I mean, seriously, 43 animations for one chair? Who has the time or the patience to go through all of that just to sit down? It’s like trying to find a needle in a haystack, except the haystack is a chair and the needle is a decent pose.

And let’s not forget the struggle of trying to remember which animation is which. Is “sit 29” the one where you look professional and productive, or the one where you look like you’re about to fall asleep?

Don’t get me wrong, I appreciate the effort that goes into creating animations, but sometimes less is more. And while we’re at it, how about giving them actual names that are related to the chair’s purpose? If it’s an office chair, name the animations things like “typing away” or “thinking hard.” It’s not rocket science.

Speaking of lack of creativity, why are we seeing so many rehashed content these days? I don’t mind a good re-texture, but how about putting in some effort to rework the animations too? It’s a small change that could make a big difference.

But hey, maybe I’m just asking too much from our beloved content creators. After all, originality seems to be a rare commodity these days.

I stumbled upon this funky sofa at the CakeDay Event. Not really my cup of tea when it comes to couches, but what caught my eye was the original animation of “cleaning your sneakers.” It may not appeal to everyone, but for those sneakerheads out there, it’s a stroke of genius.

And get this – you can even buy the animation by itself! Check out the creator’s photostream for more deets.
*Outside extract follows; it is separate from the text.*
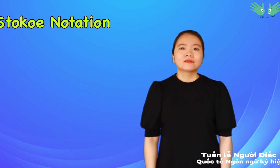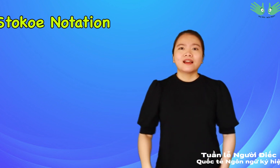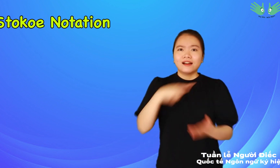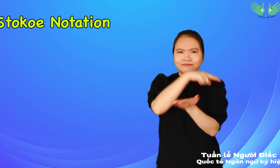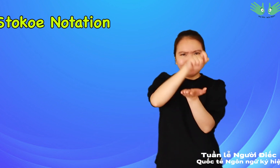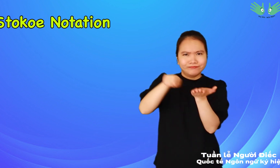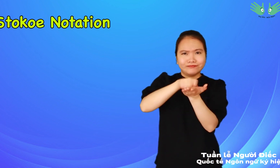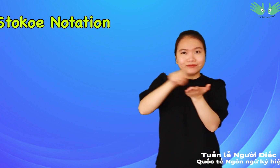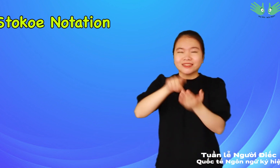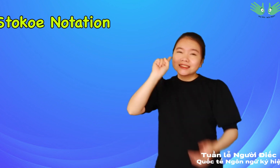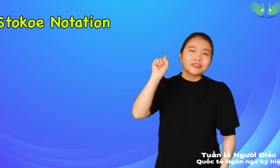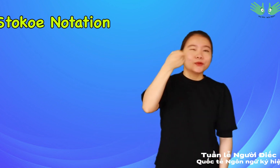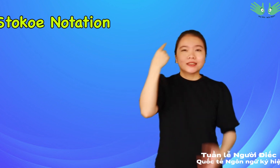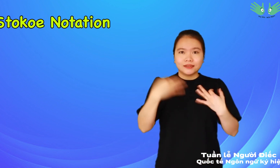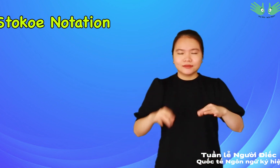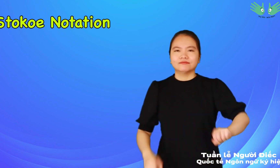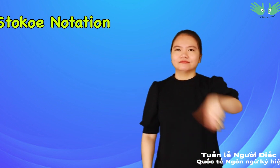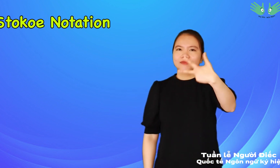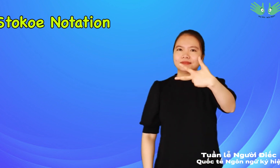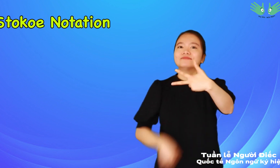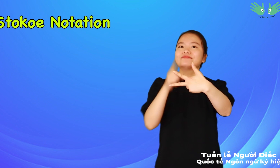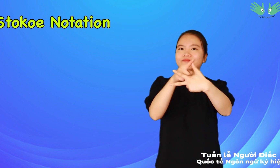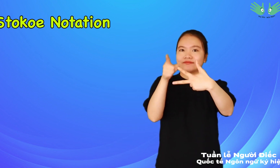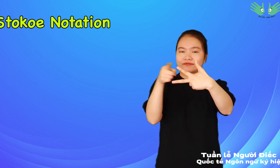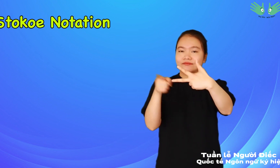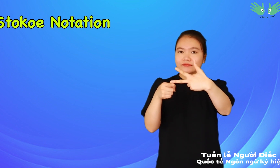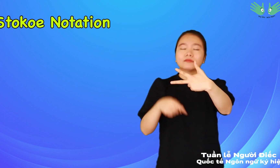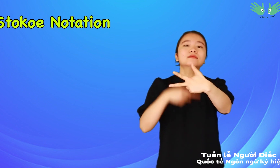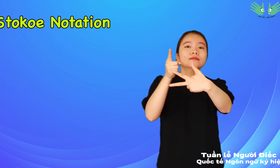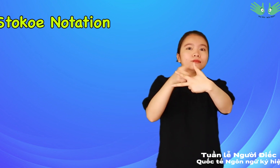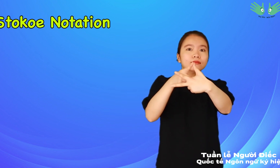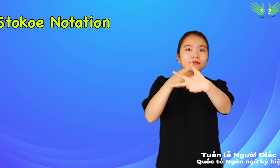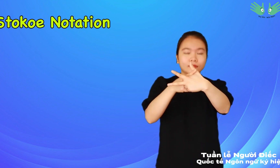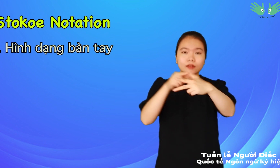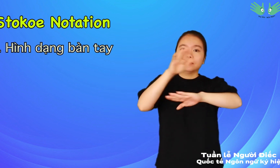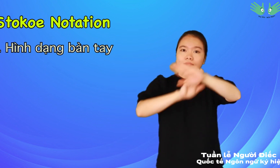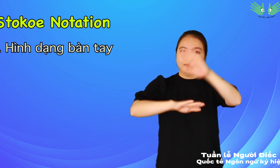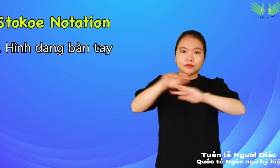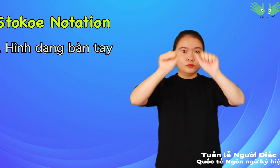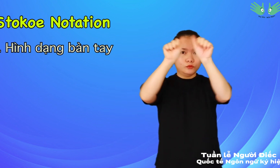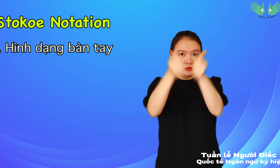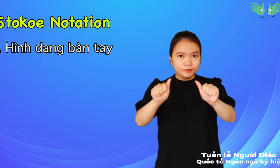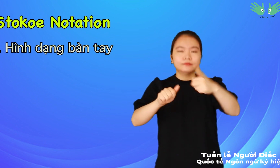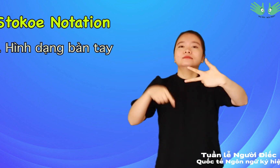Ban đầu, công trình nghiên cứu này đề cập tới ba thành tố của ngôn ngữ ký hiệu Bao gồm hình dạng bàn tay

Speaking of animations, a couple of years ago, my sister and I went to Scarlet Creative and found some hilariously bad ones. I wrote a post about it, and to my relief, Charlotte Barlott, the creator, took it in good humor and even appreciated the feedback.

But here’s a thought: wouldn’t fewer animations mean less work for creators? I get that there are different markets to cater to, but it’s not like they have to please everyone all at once.

Some people only care about the looks of the furniture for their Flickr pics, while others just want to stand around in a pretty home. And let’s not forget the penny pinchers who only care about the price tag.

As for me, I’m all about the poses and the little details because I actually use everything in my home. But sometimes, I just like a piece for its looks and remove the animations altogether.

At the end of the day, I want to see more finished products and fewer excuses from creators in Second Life. So, where do you stand on furniture animations?